▸ TASK OBJECTIVE
Locate each line in the records containing "combinations". Copy it.
#### SOURCE MATERIAL
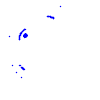
Particle: pion
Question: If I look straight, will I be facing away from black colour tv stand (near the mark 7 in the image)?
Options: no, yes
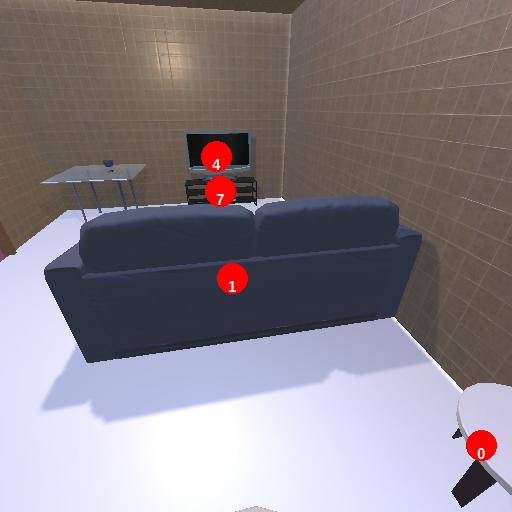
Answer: no
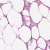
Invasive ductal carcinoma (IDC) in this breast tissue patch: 0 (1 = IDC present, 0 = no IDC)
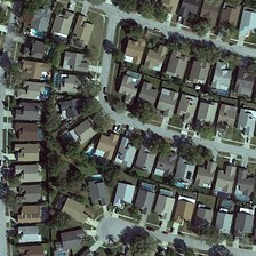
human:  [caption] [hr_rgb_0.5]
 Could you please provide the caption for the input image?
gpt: These houses are ordered in the area while they are decorated with some plants.

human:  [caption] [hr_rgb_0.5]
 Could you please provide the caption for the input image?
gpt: These houses are arranged orderly in the area while decorated with some plants.

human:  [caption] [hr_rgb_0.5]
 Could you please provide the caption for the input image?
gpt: The houses are well arranged in the area and decorated with plants.

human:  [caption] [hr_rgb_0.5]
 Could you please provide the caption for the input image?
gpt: The house is arranged in order.

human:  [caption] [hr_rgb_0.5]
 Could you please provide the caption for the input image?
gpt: These Houses are organized orderly in the area while they are decorated with some plants.
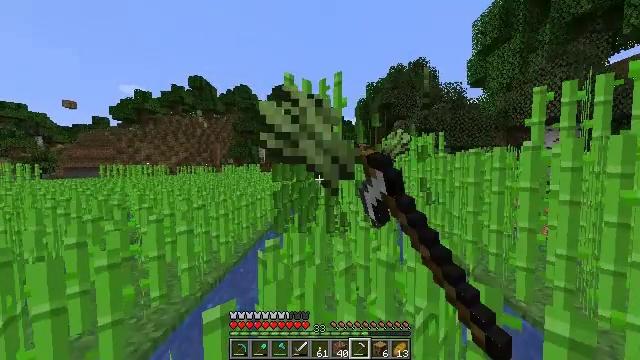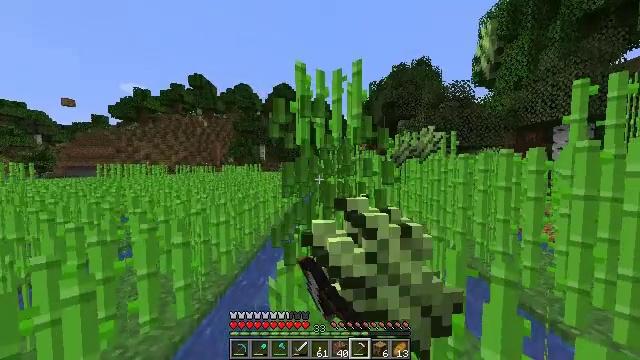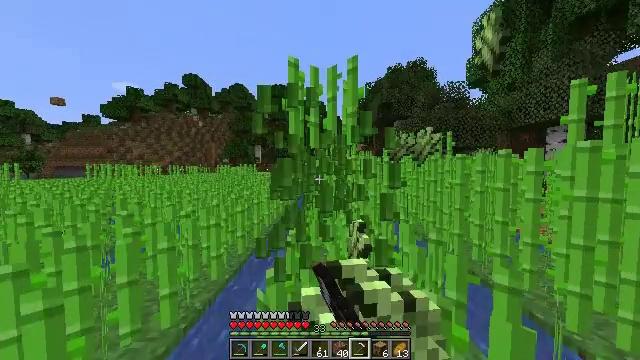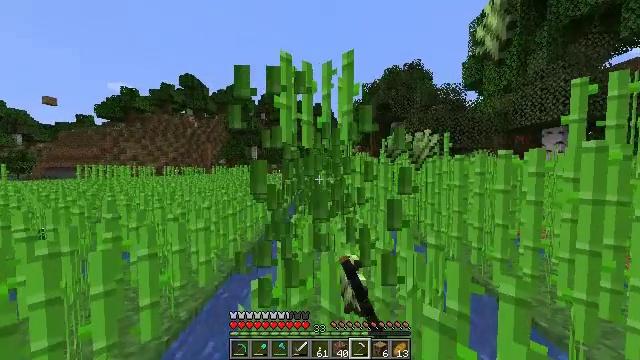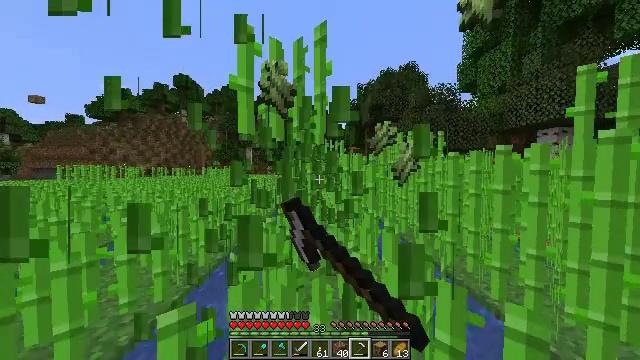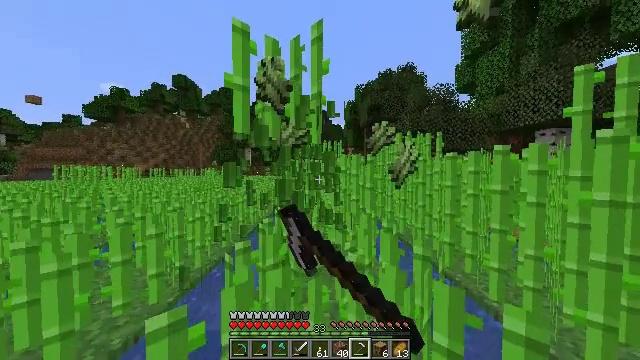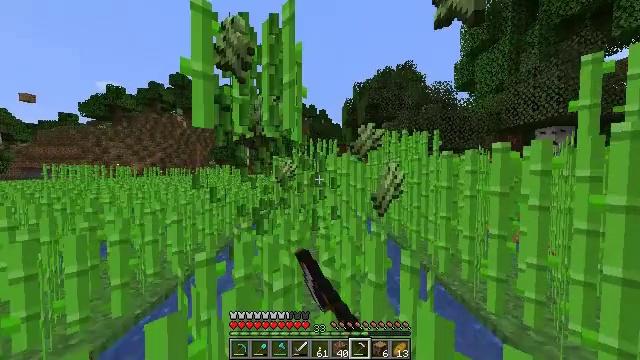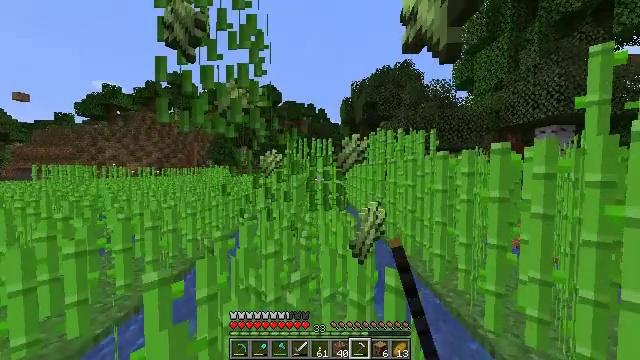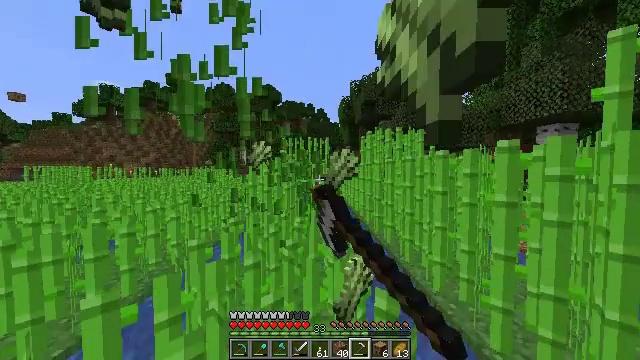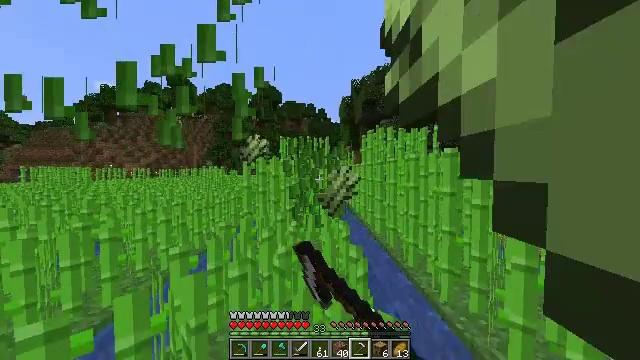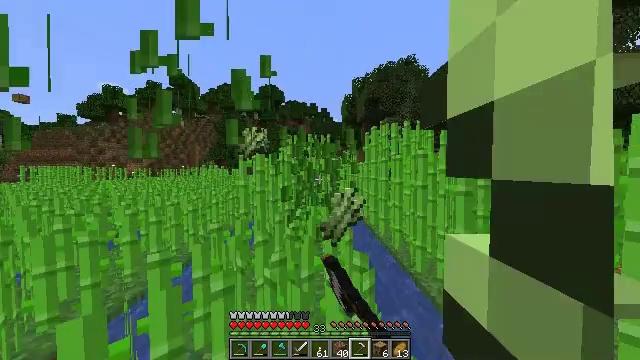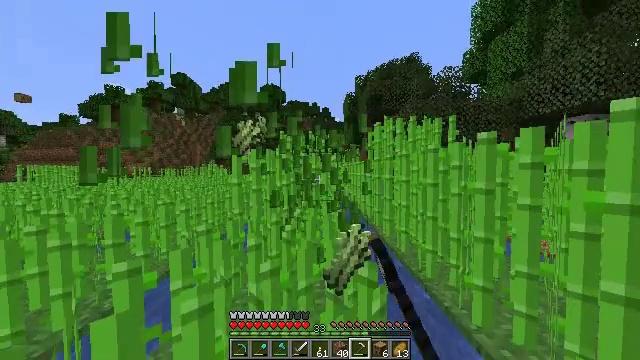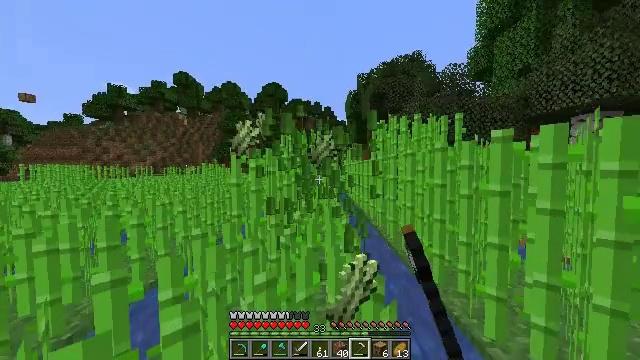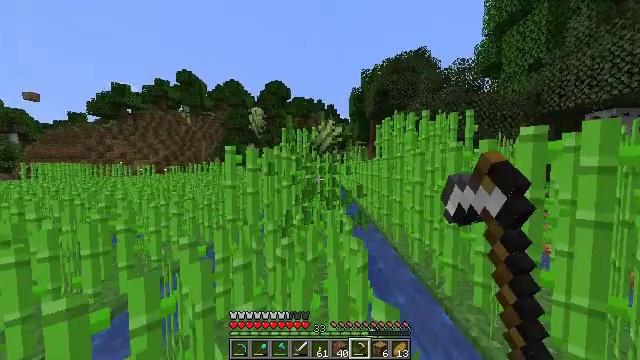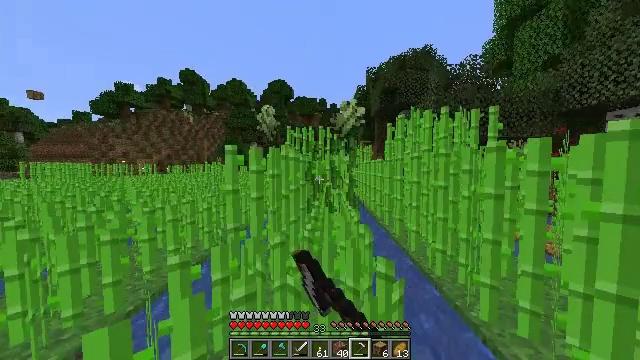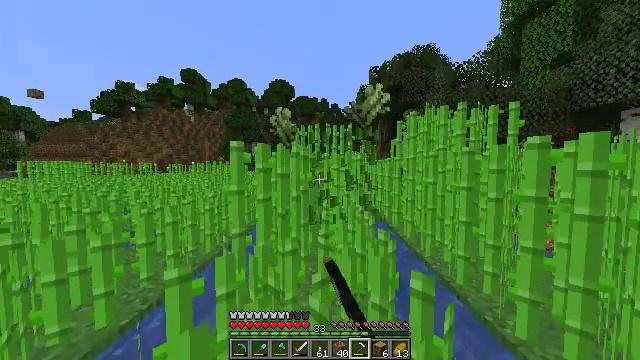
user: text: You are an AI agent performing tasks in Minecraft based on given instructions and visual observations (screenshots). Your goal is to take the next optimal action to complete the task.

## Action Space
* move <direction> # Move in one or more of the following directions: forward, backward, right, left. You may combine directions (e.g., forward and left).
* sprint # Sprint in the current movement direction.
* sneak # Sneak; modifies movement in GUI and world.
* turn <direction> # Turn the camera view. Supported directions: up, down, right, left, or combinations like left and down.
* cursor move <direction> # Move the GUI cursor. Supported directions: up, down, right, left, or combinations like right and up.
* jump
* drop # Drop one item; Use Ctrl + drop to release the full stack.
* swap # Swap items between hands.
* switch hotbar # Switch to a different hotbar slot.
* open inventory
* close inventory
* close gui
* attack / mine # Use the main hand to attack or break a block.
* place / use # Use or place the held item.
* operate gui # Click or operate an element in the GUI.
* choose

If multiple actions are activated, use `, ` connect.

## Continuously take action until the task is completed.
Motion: motion action
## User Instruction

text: Mine the sugar cane near rivers.
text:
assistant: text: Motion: move forward, sprint, attack / mine
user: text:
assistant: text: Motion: move forward and move right, sprint, turn right, attack / mine
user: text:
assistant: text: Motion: move forward and move right, sprint, attack / mine
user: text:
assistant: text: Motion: move forward and move right, sprint, attack / mine
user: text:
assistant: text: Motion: move forward and move right, sprint, attack / mine
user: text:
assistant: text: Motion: move forward and move right, sprint, attack / mine
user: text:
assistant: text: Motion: move forward and move right, sprint, attack / mine
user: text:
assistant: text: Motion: move forward, sprint, attack / mine
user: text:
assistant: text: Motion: move forward, sprint, attack / mine
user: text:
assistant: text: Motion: move forward, sprint, attack / mine
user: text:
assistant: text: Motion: move forward, sprint, attack / mine
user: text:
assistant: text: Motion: move forward, sprint, attack / mine
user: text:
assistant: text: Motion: move forward and move left, sprint, attack / mine
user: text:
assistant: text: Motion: move forward and move left, sprint, attack / mine
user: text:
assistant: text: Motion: move forward and move left, sprint, attack / mine
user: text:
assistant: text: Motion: move forward and move left, sprint, attack / mine
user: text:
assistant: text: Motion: move forward, sprint, attack / mine
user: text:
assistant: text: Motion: move forward, sprint, attack / mine
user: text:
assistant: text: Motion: move forward, sprint, attack / mine
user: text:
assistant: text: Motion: move forward and move right, sprint, attack / mine
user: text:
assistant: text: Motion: move forward and move right, sprint, attack / mine
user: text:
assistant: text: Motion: move forward and move right, sprint, attack / mine
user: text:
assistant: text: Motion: move forward and move right, sprint, attack / mine
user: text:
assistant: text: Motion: move forward, sprint, attack / mine
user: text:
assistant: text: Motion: move forward, sprint, attack / mine
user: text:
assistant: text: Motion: move forward, sprint, attack / mine
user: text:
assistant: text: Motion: move forward and move left, sprint, attack / mine
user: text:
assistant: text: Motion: move forward and move left, sprint, attack / mine
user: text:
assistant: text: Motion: move forward and move left, sprint, attack / mine
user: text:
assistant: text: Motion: move forward and move left, sprint, attack / mine
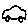
Label: car
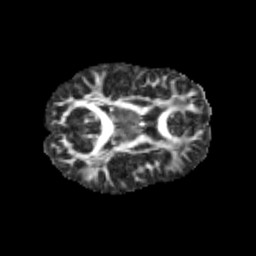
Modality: FA
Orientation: axial
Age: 9
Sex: female
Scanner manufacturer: siemens
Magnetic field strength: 3 T
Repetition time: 3.8 s
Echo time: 0.07 s
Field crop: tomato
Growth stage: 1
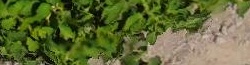
Species: tomato
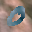
Label: 0
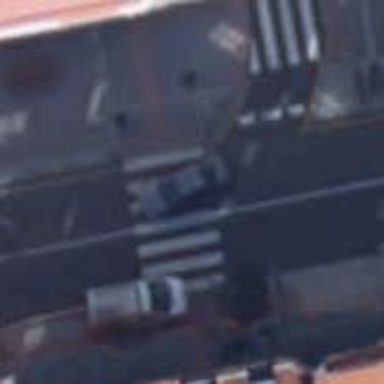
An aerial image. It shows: Marked road crossing.
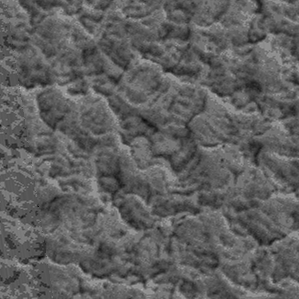
Label: frost
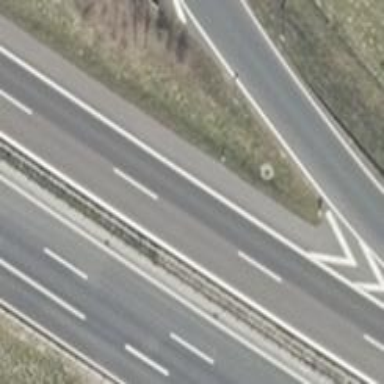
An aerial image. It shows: Asphalt motorway.
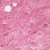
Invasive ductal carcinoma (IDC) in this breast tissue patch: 0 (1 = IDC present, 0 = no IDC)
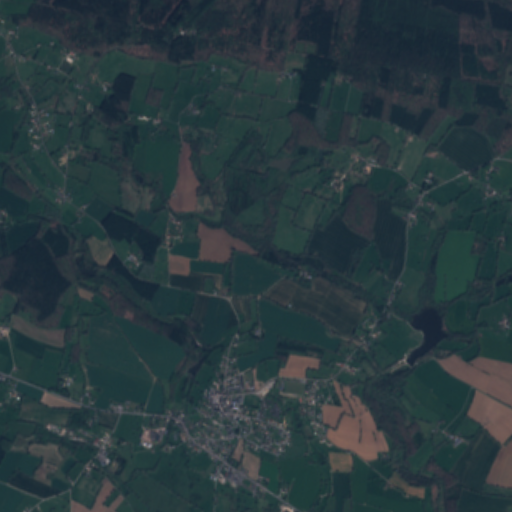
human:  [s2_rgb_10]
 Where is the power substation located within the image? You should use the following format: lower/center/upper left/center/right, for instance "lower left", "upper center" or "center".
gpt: The power substation is located in the lower center of the image.
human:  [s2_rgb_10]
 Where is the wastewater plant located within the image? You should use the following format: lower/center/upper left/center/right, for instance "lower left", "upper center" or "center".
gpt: The wastewater plant is located in the lower left of the image.
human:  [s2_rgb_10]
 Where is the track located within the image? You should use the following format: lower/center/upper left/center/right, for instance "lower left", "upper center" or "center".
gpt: There is no track in the image.
########
▸ RESULT
* turn <direction> # Turn the camera view. Supported directions: up, down, right, left, or combinations like left and down.
* cursor move <direction> # Move the GUI cursor. Supported directions: up, down, right, left, or combinations like right and up.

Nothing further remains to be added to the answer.